While finally putting the category to rest is what Best Original Song deserves, it’s understandable that the Music Branch of the Academy would bristle at the suggestion. Representation at the Oscars is no small thing—just ask Hollywood casting directors and stunt coordinators. So maybe reform is the key. The first thing to do is tighten up eligibility. Documentaries screened for a week in one empty theater should not be eligible for Oscars just because they’ve got an original song in them. And something needs to be done about the favoritism. Not that such a thing can be completely avoided, but rules should be put in place that dissuade the annual Diane Warren vote from her friends in the branch. Additionally, the Academy should go back to the days when the number of nominees could vary based on the number of worthy songs. A number of years during the 2000s saw only three nominees. In 2011, there were only two. That’s as it should be, if the award is to be an honest one.
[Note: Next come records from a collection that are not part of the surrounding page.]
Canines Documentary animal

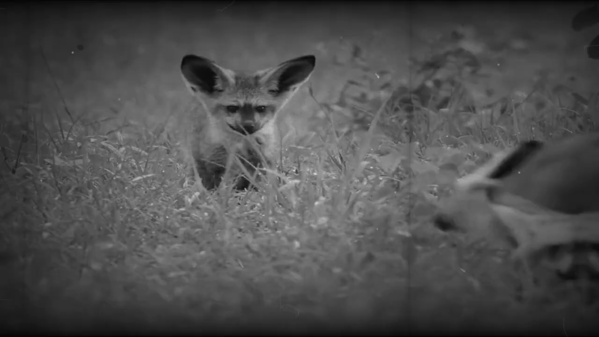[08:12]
Dogs often hunt intruders. Slowly, the cubs soften towards her. And when dad nestles beside her, it's a good sign. Mom returns to find an extra mouth to feed.
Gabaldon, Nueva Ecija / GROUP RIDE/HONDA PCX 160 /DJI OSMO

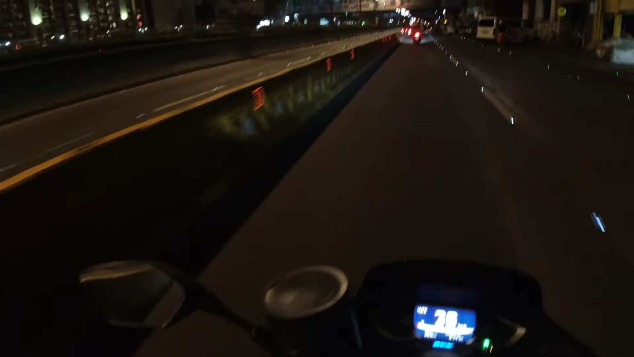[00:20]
Time check po muna tayo, 4:23 ng umaga, Sabado. Linggo, sorry. Dito po kami ngayon sa Quiapo, Manila. On the way kami sa Nueva Ecija, sa Cabaldon. So, nag-time off po kami ng 4:15.
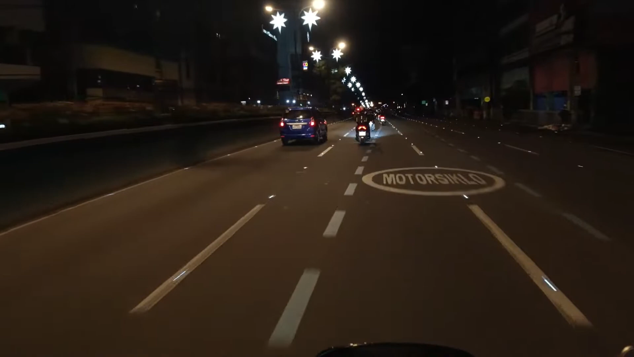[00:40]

Still, I think a more radical solution is in order. Kill the award for Best Original Song, and replace it. Though it sounds nice to specifically reward the craft involved in created a song, perhaps it’s time to recognize the people who make those original songs possible, and songs in movies more broadly. The Academy should follow the lead of the new Best Casting award, handed to casting directors, and create a Best Music Supervision prize, given to the music supervisors who put movie soundtracks together. Perhaps make it contingent on a film featuring a certain number of original songs to continue incentivizing their creation. Not only would it be a better representation of the film industry work that goes into putting music in movies, it would award some of the most under-recognized figures in the industry. Since movies have had sound, they’ve had songs. Original and not. It seems fitting to honor the people actually responsible for making that beautiful marriage possible.